Edit: <snipped> out my rant. It's been a long day because of this. Just going to...

ohthehugemanate · on Sept 4, 2018

They have some services that are "global", ie not tied to a given region. Those services' requests are actually processed all over the place, but south central is a big datacenter. The 9th biggest in the world, apparently. When it lost cooling and shut down, everything routed around it as planned... But it caused so much extra traffic that it overwhelmed the connections to other datacenters. The backlog of requests is tremendous of course, so even after they got south central back up, all the other datacenters are way over their traffic capacity. They've got the Datacenter back up, and are now restoring storage and storage dependent services.

Honestly it's hard to imagine a good mitigation for this. "Build more datacenters" is already happening as fast as it can. "Keep enough spare capacity around to handle losing one of the biggest datacenters in the world" is pretty unreasonable.

If you, as a customer, are uptime focused enough that it's worth paying extra, then the sensible practice has always been Cross-Cloud infrastructhre/failovers. At least since the Amazon Easter failure of 2011. That's what giants like Netflix do.

eric_b · on Sept 4, 2018

> "Keep enough spare capacity around to handle losing one of the biggest datacenters in the world" is pretty unreasonable.

Err what?

It's entirely reasonable to expect Azure to handle the loss of a single DC and not have a 14+ hour global outage. I don't care how big the DC is, losing one should not take out the world, especially not for the length of time this one has been going on.

cloakandswagger · on Sept 4, 2018

Indeed. This article by AWS VP James Hamilton gives a unique insight into how Amazon approaches the problem of sizing data centers for redundancy:

https://perspectives.mvdirona.com/2017/04/how-many-data-cent...

msandford · on Sept 5, 2018

Here I was hoping this was a reference to James Mickens: https://blogs.microsoft.com/ai/james-mickens-the-funniest-ma...

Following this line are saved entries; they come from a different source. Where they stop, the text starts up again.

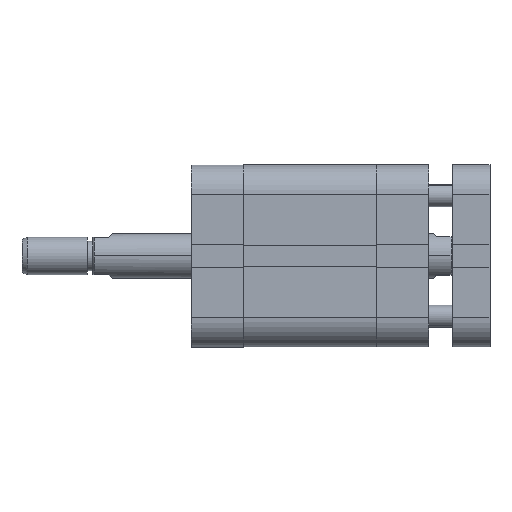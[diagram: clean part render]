
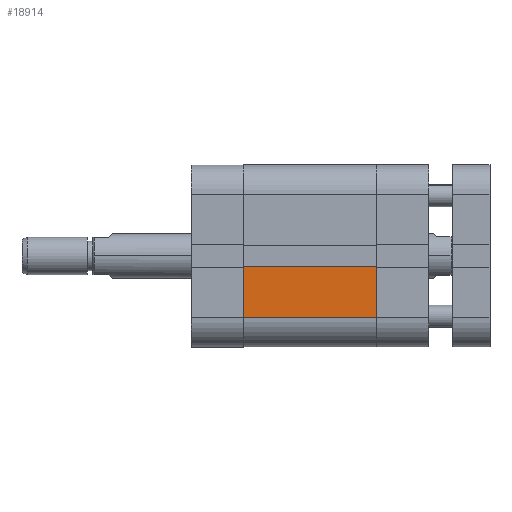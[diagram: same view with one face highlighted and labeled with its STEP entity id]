
A CAD part, front view. The second image highlights one B-rep face of the part: STEP entity #18914.
In plain terms, the highlighted planar face has unit normal (0, -1, 0).
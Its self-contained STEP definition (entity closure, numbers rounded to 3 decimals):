
#445 = AXIS2_PLACEMENT_3D ( 'NONE', #12782, #33339, #9695 ) ;
#4367 = VECTOR ( 'NONE', #6177, 1000. ) ;
#5714 = EDGE_CURVE ( 'NONE', #25125, #24947, #13396, .T. ) ;
#6177 = DIRECTION ( 'NONE',  ( 1., 0., 0. ) ) ;
#6369 = CARTESIAN_POINT ( 'NONE',  ( 0., -24.5, -16.5 ) ) ;
#8147 = CARTESIAN_POINT ( 'NONE',  ( 0., -24.5, -24.5 ) ) ;
#8300 = VERTEX_POINT ( 'NONE', #19780 ) ;
#8420 = EDGE_CURVE ( 'NONE', #24947, #8300, #21114, .T. ) ;
#8994 = EDGE_CURVE ( 'NONE', #26466, #8300, #29805, .T. ) ;
#9695 = DIRECTION ( 'NONE',  ( 0., 0., 1. ) ) ;
#11103 = CARTESIAN_POINT ( 'NONE',  ( 36.001, -24.5, -2.8 ) ) ;
#11474 = LINE ( 'NONE', #11103, #11568 ) ;
#11568 = VECTOR ( 'NONE', #34749, 1000. ) ;
#11837 = CARTESIAN_POINT ( 'NONE',  ( 36., -24.5, -2.8 ) ) ;
#12782 = CARTESIAN_POINT ( 'NONE',  ( 36., -24.5, -24.5 ) ) ;
#13072 = VECTOR ( 'NONE', #14651, 1000. ) ;
#13396 = LINE ( 'NONE', #8147, #24040 ) ;
#14651 = DIRECTION ( 'NONE',  ( 0., 0., -1. ) ) ;
#15881 = ORIENTED_EDGE ( 'NONE', *, *, #8420, .T. ) ;
#18456 = EDGE_CURVE ( 'NONE', #26466, #25125, #11474, .T. ) ;
#18896 = CARTESIAN_POINT ( 'NONE',  ( 0., -24.5, -2.8 ) ) ;
#18914 = ADVANCED_FACE ( 'NONE', ( #36048 ), #36432, .F. ) ;
#19780 = CARTESIAN_POINT ( 'NONE',  ( 36., -24.5, -16.5 ) ) ;
#21114 = LINE ( 'NONE', #35642, #4367 ) ;
#24040 = VECTOR ( 'NONE', #28154, 1000. ) ;
#24947 = VERTEX_POINT ( 'NONE', #6369 ) ;
#25125 = VERTEX_POINT ( 'NONE', #18896 ) ;
#26293 = CARTESIAN_POINT ( 'NONE',  ( 36., -24.5, -24.5 ) ) ;
#26466 = VERTEX_POINT ( 'NONE', #11837 ) ;
#28154 = DIRECTION ( 'NONE',  ( 0., 0., -1. ) ) ;
#28466 = EDGE_LOOP ( 'NONE', ( #30082, #34807, #15881, #29018 ) ) ;
#29018 = ORIENTED_EDGE ( 'NONE', *, *, #8994, .F. ) ;
#29805 = LINE ( 'NONE', #26293, #13072 ) ;
#30082 = ORIENTED_EDGE ( 'NONE', *, *, #18456, .T. ) ;
#33339 = DIRECTION ( 'NONE',  ( 0., 1., 0. ) ) ;
#34749 = DIRECTION ( 'NONE',  ( -1., 0., 0. ) ) ;
#34807 = ORIENTED_EDGE ( 'NONE', *, *, #5714, .T. ) ;
#35642 = CARTESIAN_POINT ( 'NONE',  ( 36., -24.5, -16.5 ) ) ;
#36048 = FACE_OUTER_BOUND ( 'NONE', #28466, .T. ) ;
#36432 = PLANE ( 'NONE',  #445 ) ;
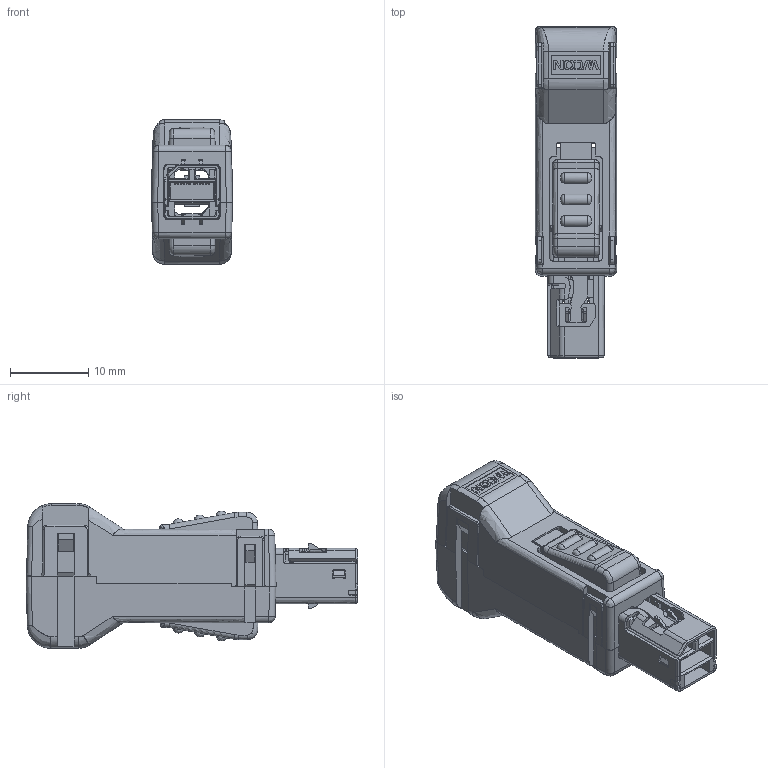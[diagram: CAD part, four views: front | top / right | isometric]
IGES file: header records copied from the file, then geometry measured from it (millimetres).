
Start section: ZWSOFT
Global section: file name: 6364-06MSHXXSCB01.igs; native system: ZW3D; preprocessor: 1.0; author: ZW3D; organization: ZWSOFT; date: 231023.155309; units: millimetre
Bounding box: 10.45 x 42.54 x 18.5 mm (x, y, z)
Surface area: 6231.7 mm2 (no closed solid volume)
Topology: 0 solids, 0 shells, 1802 faces, 10385 edges, 10357 vertices
Faces by surface type: bspline 1802

youdontknowtho · on Sept 5, 2018

Agreed.

With that, though, it sounds like the size of this datacenter is way out of scale compared to the rest of their DC's. They are really going to need to break apart the services that they host there to make sure that DC to DC and region to region fail over works correctly.

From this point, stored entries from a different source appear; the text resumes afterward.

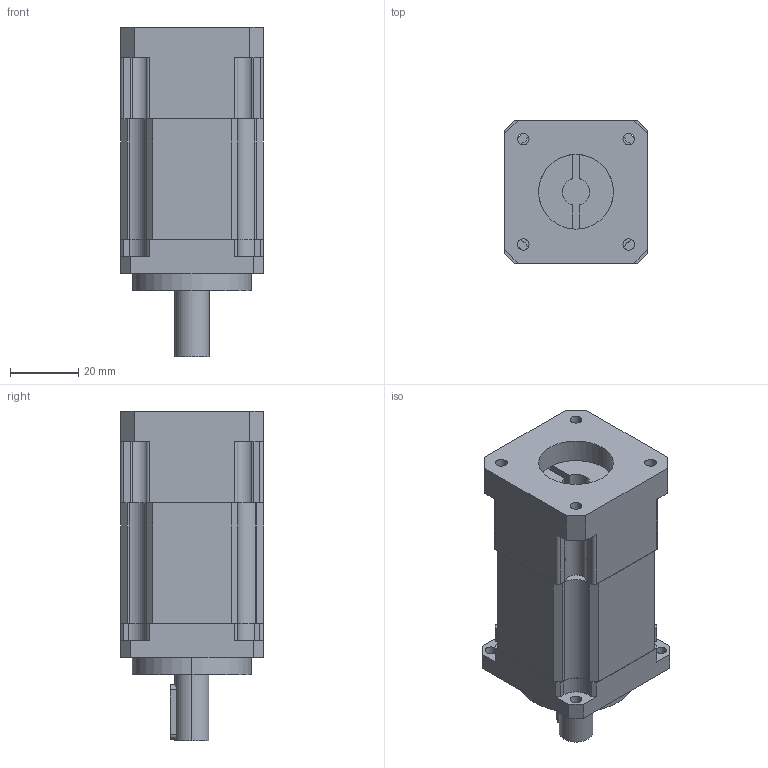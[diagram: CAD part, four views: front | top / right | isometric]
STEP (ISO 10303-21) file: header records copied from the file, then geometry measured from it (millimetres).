
FILE_DESCRIPTION (( 'STEP AP214' ), '1' );
FILE_NAME ('42PT媼撰熬厒.STEP', '2023-07-30T11:07:33', ( '' ), ( '' ), 'SwSTEP 2.0', 'SolidWorks 2021', '' );
FILE_SCHEMA (( 'AUTOMOTIVE_DESIGN' ));
Length unit declared in the file: millimetre
Products named in the file (4): 42PT菁釱; 42PT媼撰熬厒儂旯; 42PT奻裔; 42PT媼撰熬厒
Assembly tree (3 placements, depth 2):
  42PT媼撰熬厒
    42PT奻裔
    42PT媼撰熬厒儂旯
    42PT菁釱
Bounding box: 42 x 42.04 x 97 mm (x, y, z)
Volume: 115362.4 mm3; surface area: 25158.9 mm2
Topology: 4 solids, 4 shells, 184 faces, 499 edges, 329 vertices
Faces by surface type: plane 96, cylinder 85, bspline 3
Entity records: 7445 total; most frequent: CARTESIAN_POINT 2621, ORIENTED_EDGE 998, DIRECTION 963, EDGE_CURVE 499, VERTEX_POINT 329, VECTOR 323, LINE 323, AXIS2_PLACEMENT_3D 320

DoofusOfDeath · on Sept 5, 2018

> It's entirely reasonable to expect Azure to handle the loss of a single DC and not have a 14+ hour global outage.

(I apologize if the following sounds snarky. I don't mean it that way, I just can't find better wording.)

Microsoft has repeatedly violated my sense of "reasonable" in the past, including in recent times with Windows 10. Therefore this kind of glitch isn't very shocking to me.

asdfasgasdgasdg · on Sept 5, 2018

> Honestly it's hard to imagine a good mitigation for this.

Besides the one that AWS and GCP have implemented? That is, to have at least N+1 datacenters? Actually, I think N+1 is the old Google prod regime. I suspect that GCP is at least N+1 per continental region, and I'd be surprised if AWS isn't as well.

cm2187 · on Sept 5, 2018

But you are basically saying that azure cannot deliver the redundancy they charge their customers for?

kirillseva · on Sept 4, 2018

Just want to point out that once Azure launches their submersible datacenter units Azure Functions may literally become dead in the water.

dharmab · on Sept 5, 2018

One of the demos at Build was Azure Stack running on oil rigs, so you're not far off

youdontknowtho · on Sept 5, 2018

I, for one, salute you, sir. Well played.